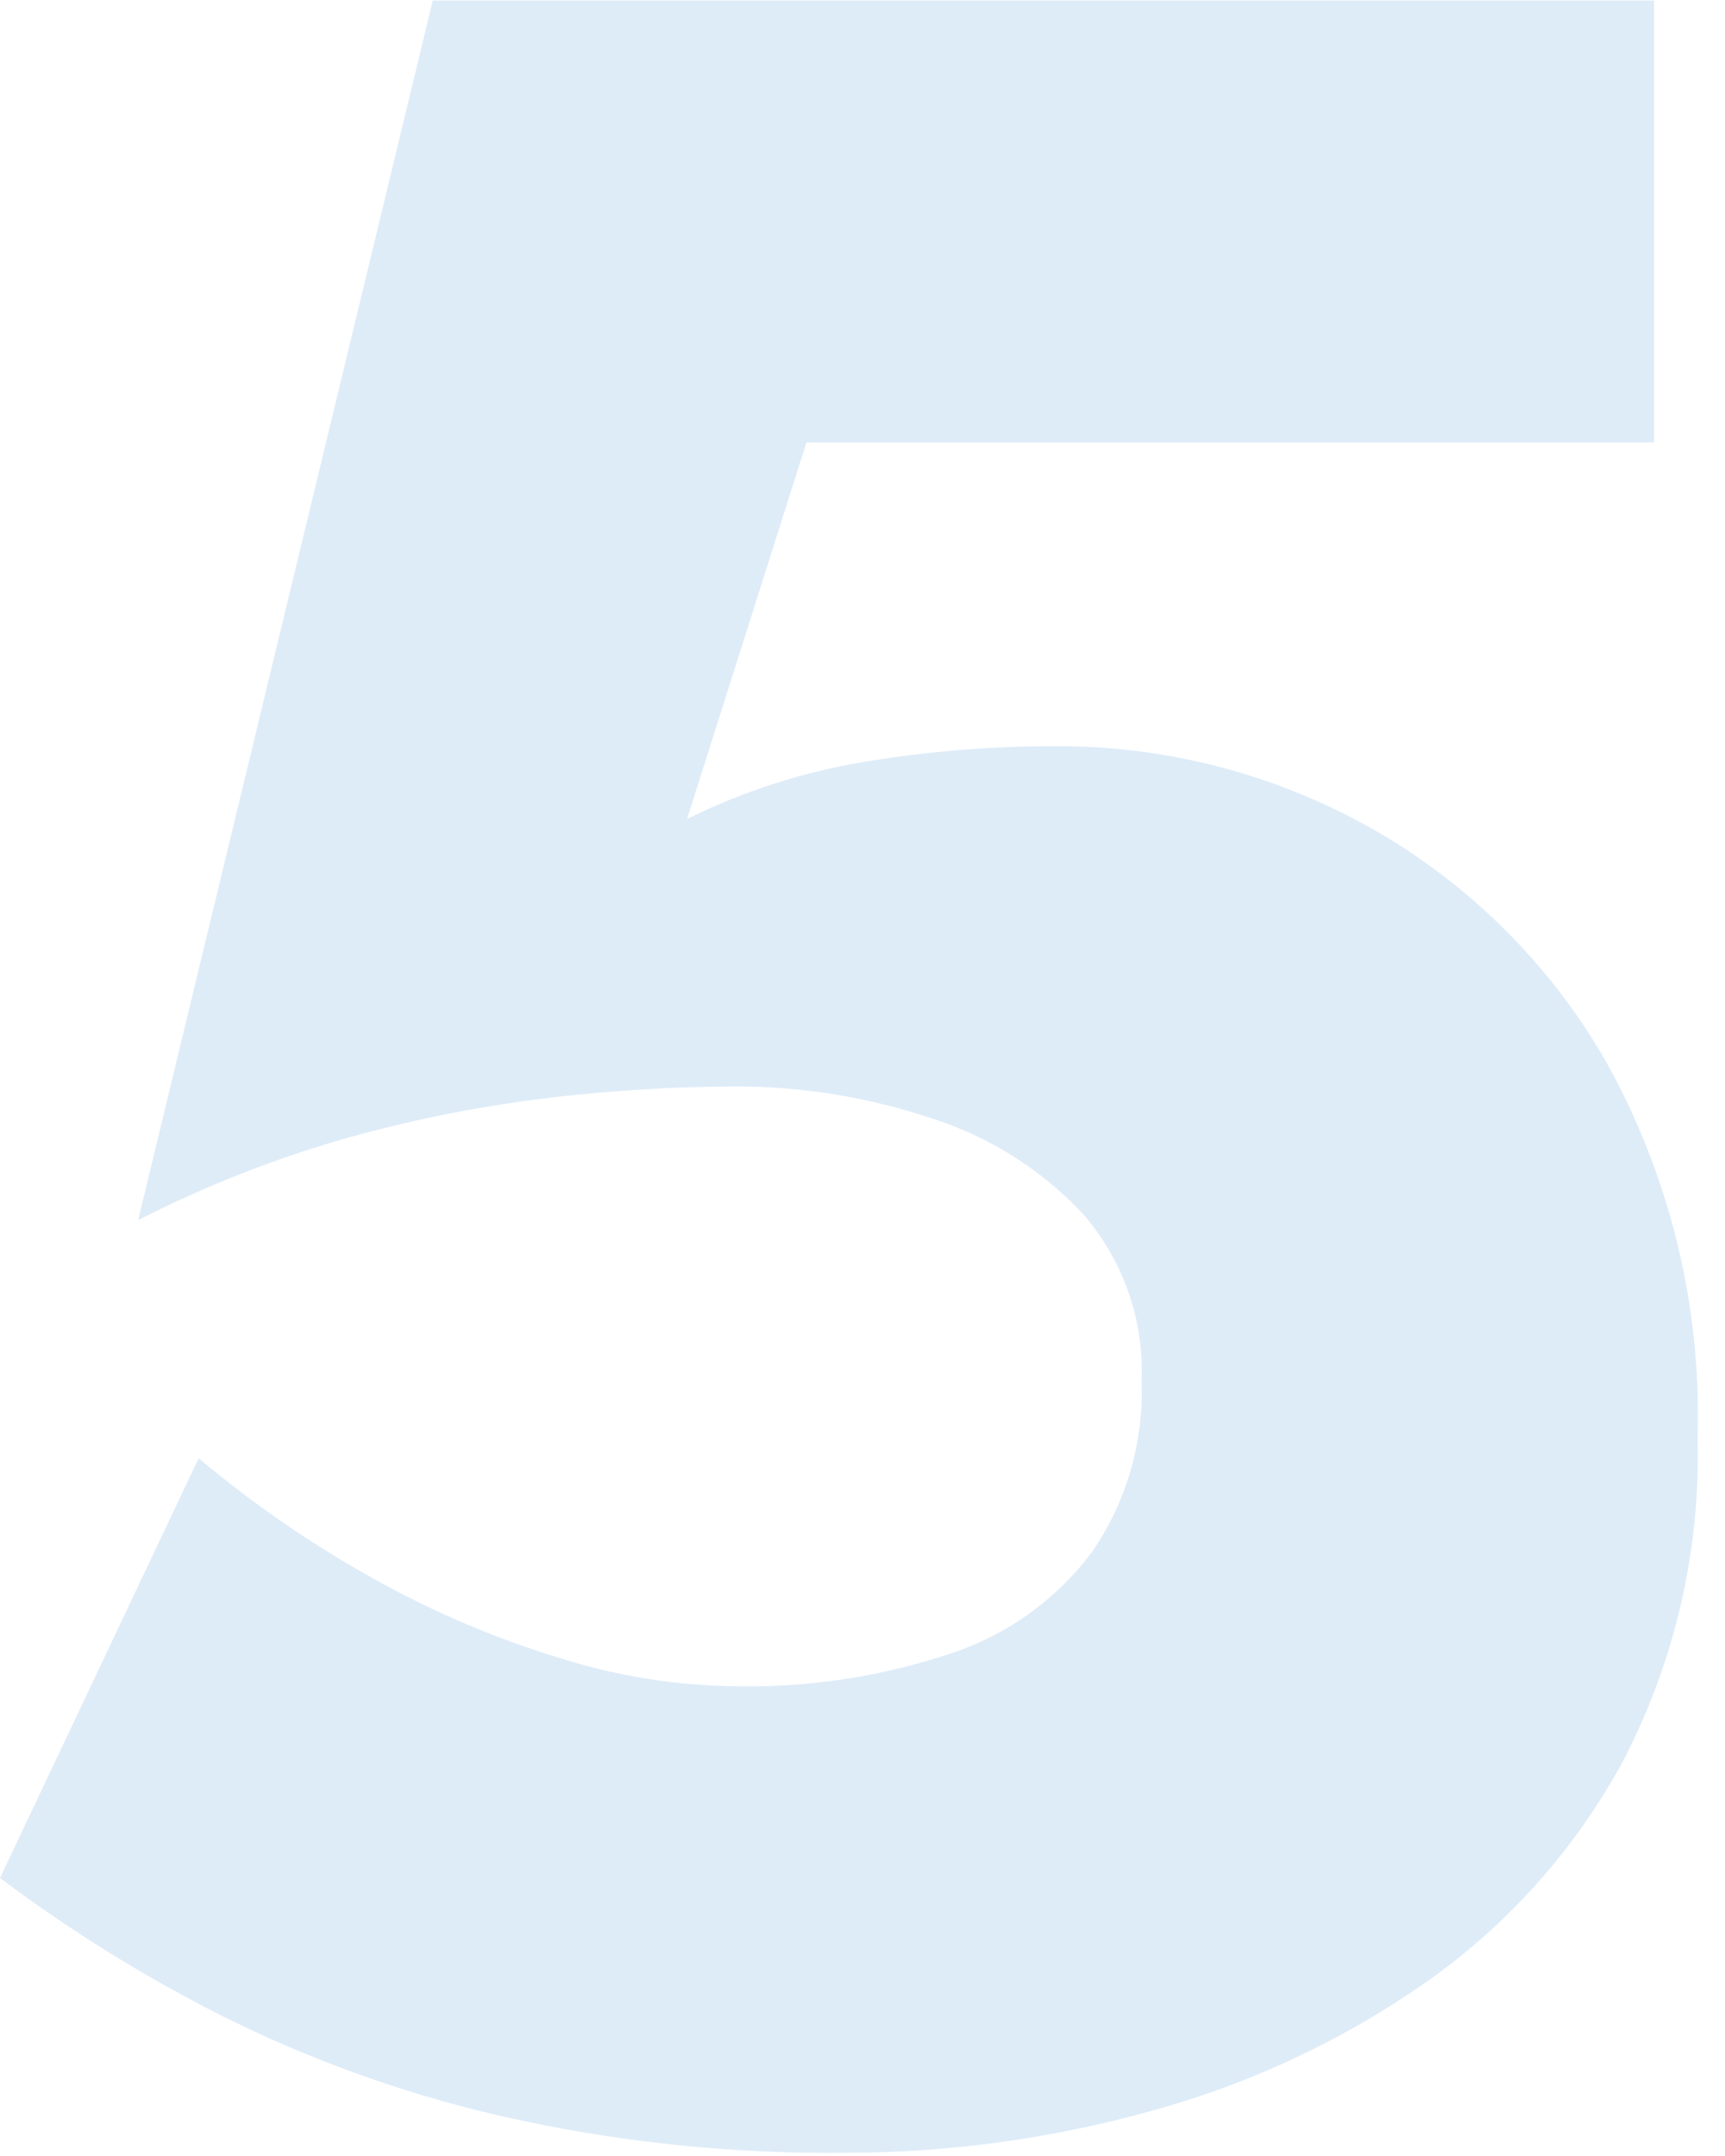 <svg width="32" height="40" viewBox="0 0 32 40" fill="none" xmlns="http://www.w3.org/2000/svg">
<g style="mix-blend-mode:multiply" opacity="0.181">
<path d="M31.492 26.677C31.567 24.248 30.984 21.844 29.806 19.719C28.763 17.89 27.242 16.38 25.406 15.349C23.626 14.353 21.618 13.835 19.578 13.844C18.383 13.842 17.19 13.94 16.012 14.138C14.877 14.329 13.776 14.685 12.745 15.195L14.96 8.209H30.684V0.009H8.028L2.563 22.637C3.827 21.991 5.152 21.472 6.519 21.09C7.751 20.749 9.008 20.504 10.278 20.357C11.38 20.229 12.488 20.163 13.597 20.157C14.839 20.151 16.073 20.347 17.252 20.738C18.33 21.076 19.304 21.686 20.078 22.509C20.833 23.369 21.227 24.487 21.178 25.63C21.218 26.753 20.898 27.858 20.264 28.785C19.61 29.663 18.702 30.32 17.664 30.668C16.355 31.108 14.98 31.317 13.6 31.284C12.531 31.268 11.469 31.099 10.448 30.781C9.252 30.422 8.097 29.935 7.004 29.33C5.826 28.682 4.714 27.92 3.685 27.054L0 34.843C1.281 35.803 2.642 36.651 4.069 37.376C5.705 38.198 7.432 38.824 9.214 39.24C11.335 39.73 13.507 39.965 15.684 39.94C17.593 39.94 19.494 39.681 21.334 39.17C23.158 38.675 24.883 37.87 26.434 36.789C27.967 35.719 29.228 34.305 30.116 32.659C31.073 30.814 31.546 28.756 31.492 26.677Z" fill="#4895D9"/>
</g>
</svg>

- _Work request_
When you repeat the records, reproduce each line exactly and drop the images.

- _Task solution_
 <svg width="32" height="40" viewBox="0 0 32 40" fill="none" xmlns="http://www.w3.org/2000/svg">
<g style="mix-blend-mode:multiply" opacity="0.181">
<path d="M31.492 26.677C31.567 24.248 30.984 21.844 29.806 19.719C28.763 17.89 27.242 16.38 25.406 15.349C23.626 14.353 21.618 13.835 19.578 13.844C18.383 13.842 17.19 13.94 16.012 14.138C14.877 14.329 13.776 14.685 12.745 15.195L14.96 8.209H30.684V0.009H8.028L2.563 22.637C3.827 21.991 5.152 21.472 6.519 21.09C7.751 20.749 9.008 20.504 10.278 20.357C11.38 20.229 12.488 20.163 13.597 20.157C14.839 20.151 16.073 20.347 17.252 20.738C18.33 21.076 19.304 21.686 20.078 22.509C20.833 23.369 21.227 24.487 21.178 25.63C21.218 26.753 20.898 27.858 20.264 28.785C19.61 29.663 18.702 30.32 17.664 30.668C16.355 31.108 14.98 31.317 13.6 31.284C12.531 31.268 11.469 31.099 10.448 30.781C9.252 30.422 8.097 29.935 7.004 29.33C5.826 28.682 4.714 27.92 3.685 27.054L0 34.843C1.281 35.803 2.642 36.651 4.069 37.376C5.705 38.198 7.432 38.824 9.214 39.24C11.335 39.73 13.507 39.965 15.684 39.94C17.593 39.94 19.494 39.681 21.334 39.17C23.158 38.675 24.883 37.87 26.434 36.789C27.967 35.719 29.228 34.305 30.116 32.659C31.073 30.814 31.546 28.756 31.492 26.677Z" fill="#4895D9"/>
</g>
</svg>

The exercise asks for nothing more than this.